Клавдий прекратил писать, размышляя о том, что такое признание наносит ущерб достоинству императора, и, решив вымарать последние строки, продолжал:
«Он приветствовал меня как императора и подвел к своим товарищам, которые посадили меня в носилки и подняли на плечи, поскольку носильщики разбежались. Мы проследовали через весь город в их лагерь, и узнававшие меня люди выражали жалость, словно я двигался навстречу своей смерти. Я провел ночь в тоске, не зная намерений окружавших меня преторианцев и не понимая, являются ли они моими стражниками или телохранителями. Тем временем консулы созвали сенаторов, чтобы обсудить вопрос о восстановлении старых республиканских институтов, а подчиняющиеся им городские когорты заняли форум и Капитолий. Народные трибуны явились в лагерь и потребовали, чтобы я отправился на форум и высказал свое мнение. Воины, доставившие меня в лагерь, настоятельно советовали не подчиняться, поскольку существовала угроза моей жизни. Я велел ответить трибунам, что меня удерживают в лагере силой и я не могу удовлетворить их просьбу.

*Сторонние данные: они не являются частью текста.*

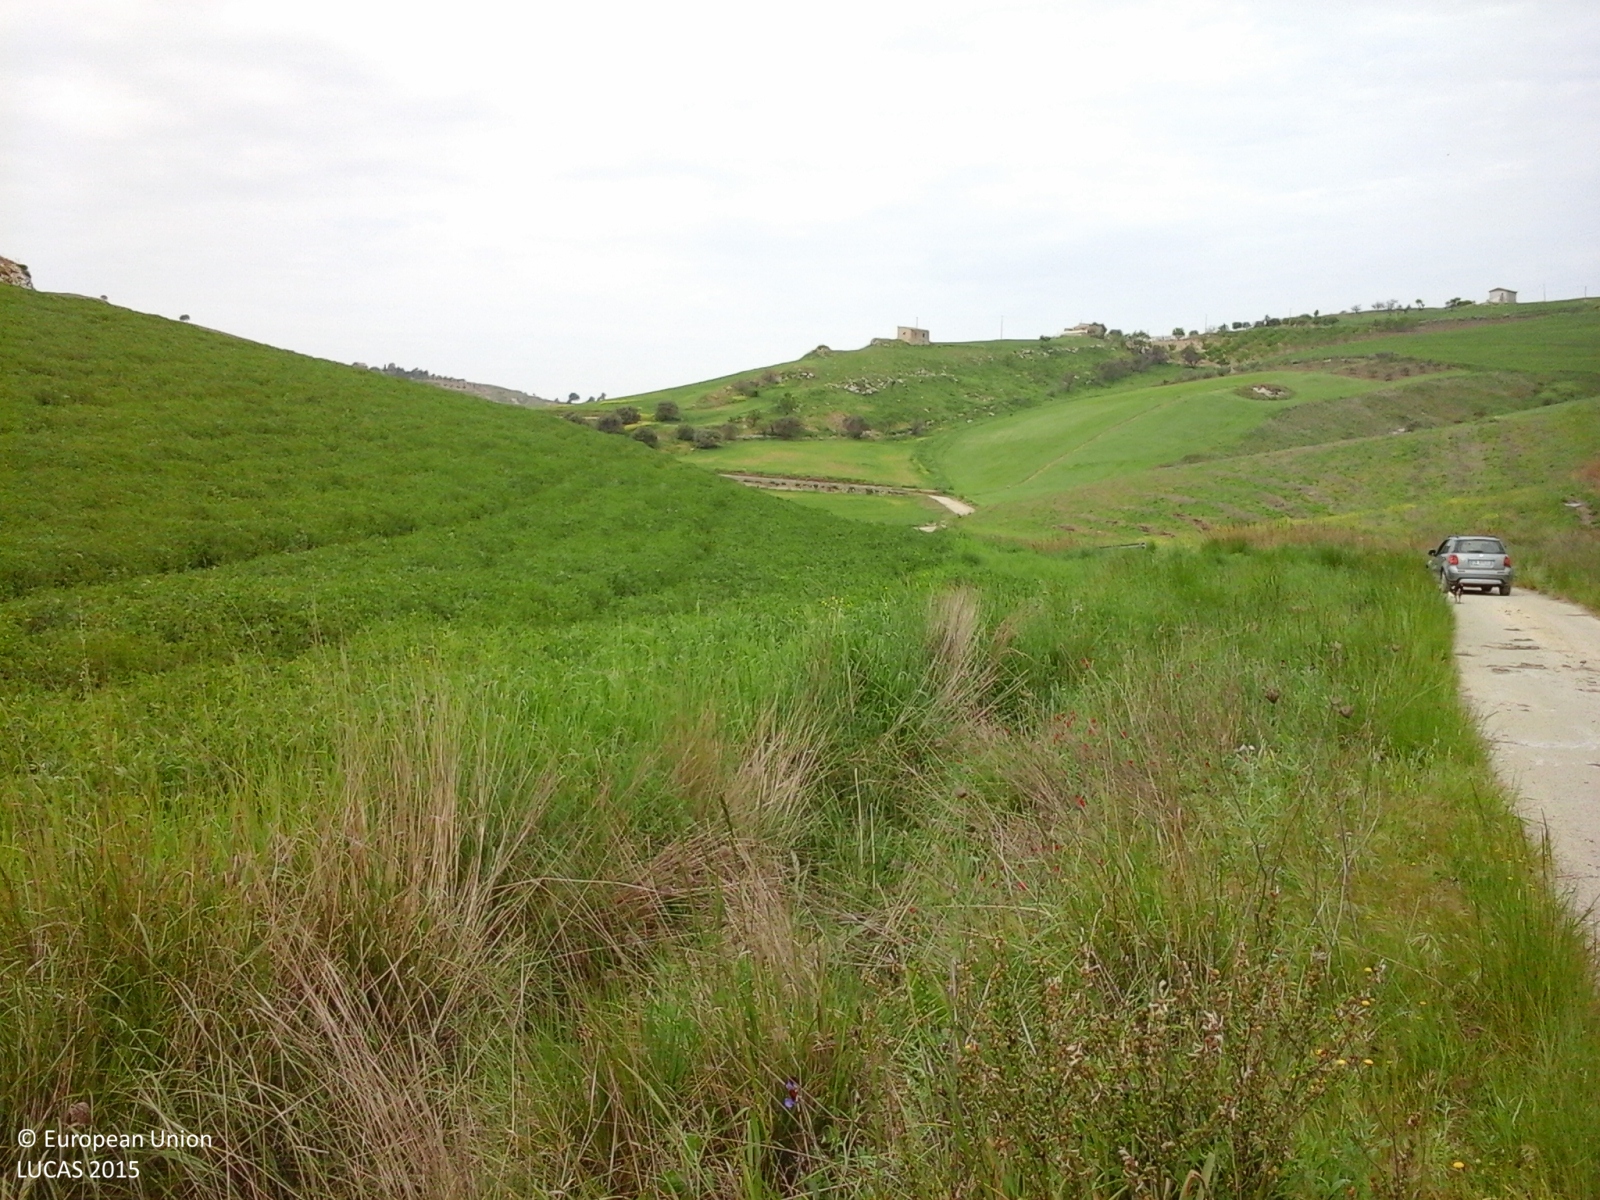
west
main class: Cropland
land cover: Dry pulses
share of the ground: > 75 %
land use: Agriculture (excluding fallow land and kitchen gardens)
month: April
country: IT
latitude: 37.4379
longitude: 13.7351
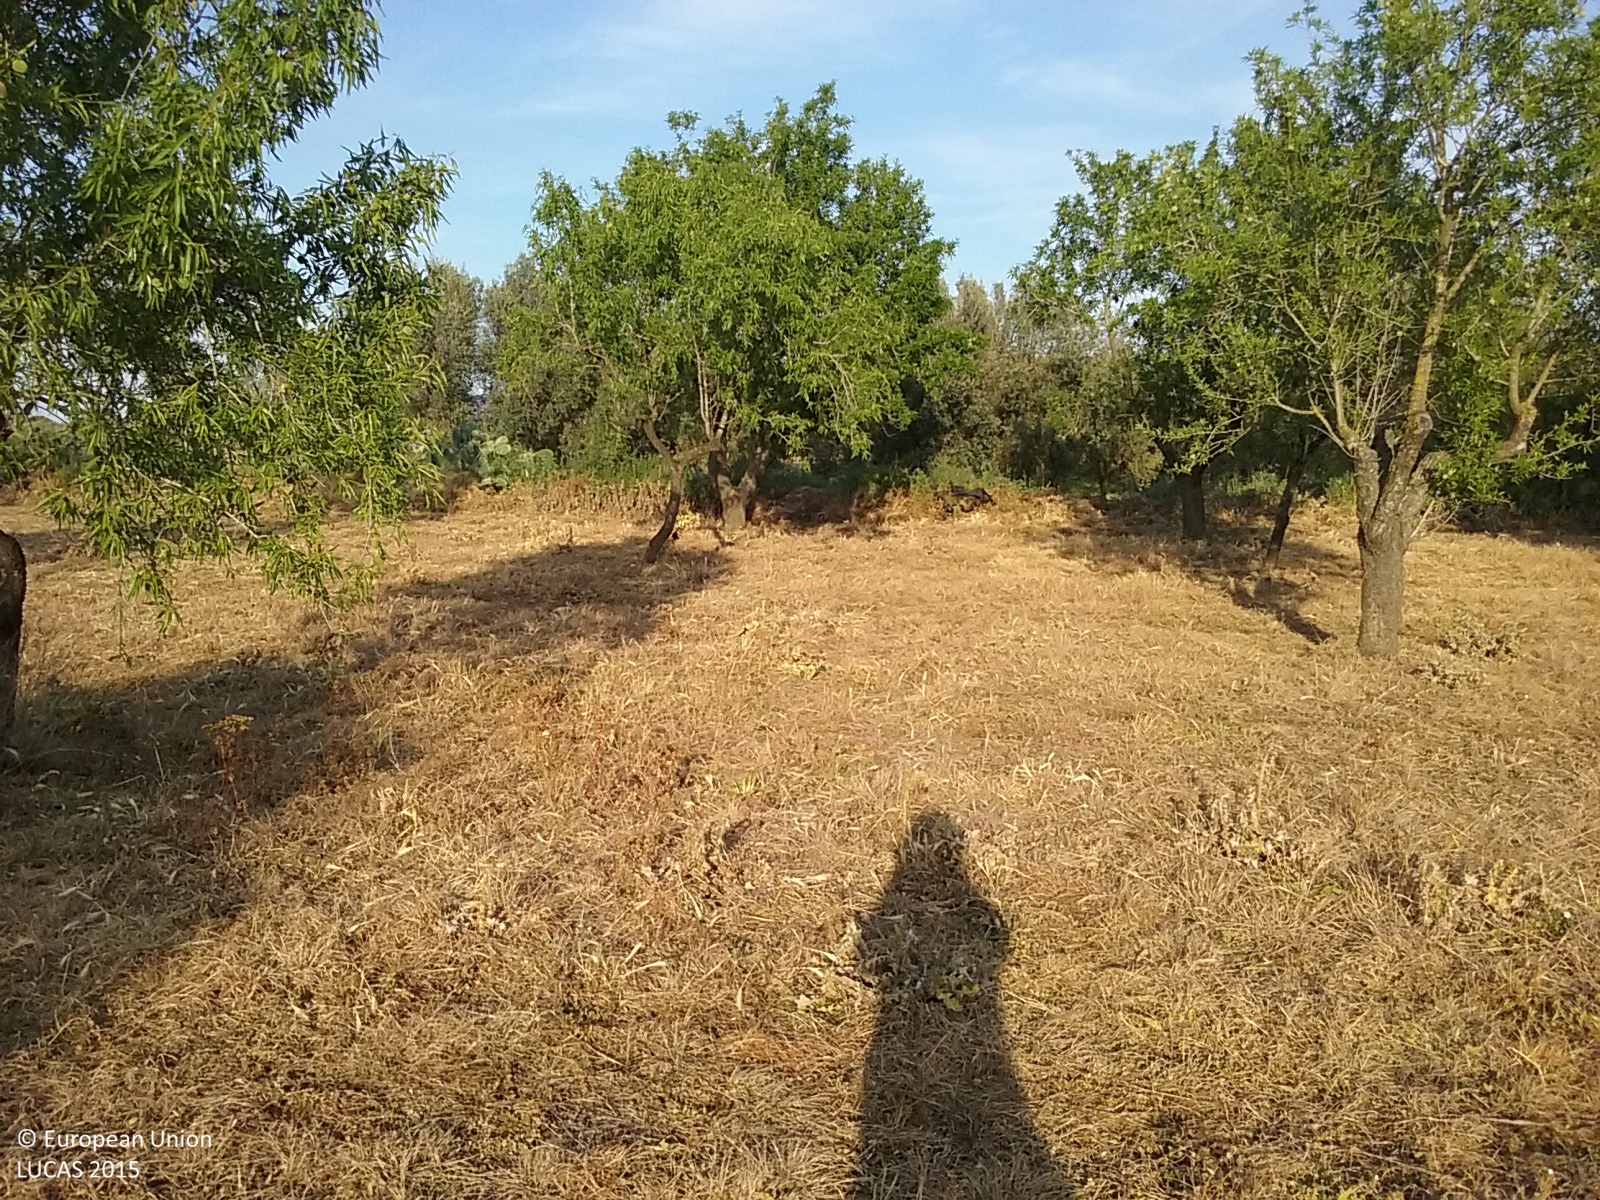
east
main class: Cropland
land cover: Nuts trees
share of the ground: 25 - 50 %
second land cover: Grassland without tree/shrub cover
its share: > 75 %
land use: Agriculture (excluding fallow land and kitchen gardens)
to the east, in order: Nuts trees; Grassland without tree/shrub cover; Dry stone walls; Olive groves; Dry stone walls; Common wheat; Dry stone walls; Olive groves
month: April
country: ES
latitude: 40.6313
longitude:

Сенаторы, требовавшие восстановления республики, — среди которых был и Валерий Азиатик, публично выразивший сожаление о том, что не он убил императора, — не составляли большинства. Между сенаторами начались распри, народ же громкими криками требовал единственного властителя. Общественные ораторы утверждали, что лучше деспотизм одного императора, чем деспотизм аристократии, которая займет все общественные должности и одна будет пользоваться богатствами империи. Ко мне даже пришли сказать, что мое имя у всех на устах, поскольку народ хочет сына Друза и брата Германика. Толпа пришла к лагерю преторианцев, пребывавших в нерешительности. Я вспомнил, что Цезарь и Август обеспечивали себе преданность легионов тем, что раздавали им деньги и земли. Я склонил преторианцев на свою сторону, пообещав каждому по пятнадцать тысяч сестерциев. Они тотчас восторженно приветствовали меня и принесли клятву в верности. Потом они представили меня народу, который, в свою очередь, устроил мне овацию. Видя колебания сената и пожелания народа, воины городских когорт присоединились к преторианцам. Сенаторам ничего не оставалось, как утвердить их решение. Таким образом, после полудня на восьмой день до февральских календ, на двадцать пятый день января, сенат вручил мне всю полноту власти.
Вольноотпущенники Калигулы сожгли его тело в Ламиевых садах, на Эсквилине. Я с удовлетворением узнал об этом — все-таки он мой племянник. Я не могу допустить, чтобы существование императорской власти ставилось под сомнение. А посему я пожелал, чтобы дни, когда был убит Калигула и обсуждался вопрос о государственной власти, были преданы забвению, и издал декрет о всеобщем помиловании, который исполнил неукоснительно. Убийцам Калигулы, которых я казнил, я на самом деле вменил в вину то, что они замышляли убить и меня, чтобы полностью уничтожить мужских потомков Цезаря».
Клавдий положил тростник на стол и вздохнул. Он вдруг почувствовал сильную усталость, встал и отправился в постель. Он долго лежал с открытыми глазами, предаваясь мыслям о четырех годах правления своего племянника. Удивительно, что правление это, начавшееся с надежды и народного воодушевления, так быстро закончилось безумством и кровью. Он увидел, что уже занимается заря, высветляя небо на востоке. «А теперь я — игрушка в руках судьбы», — со вздохом сказал он себе и заснул, чтобы не думать об этом.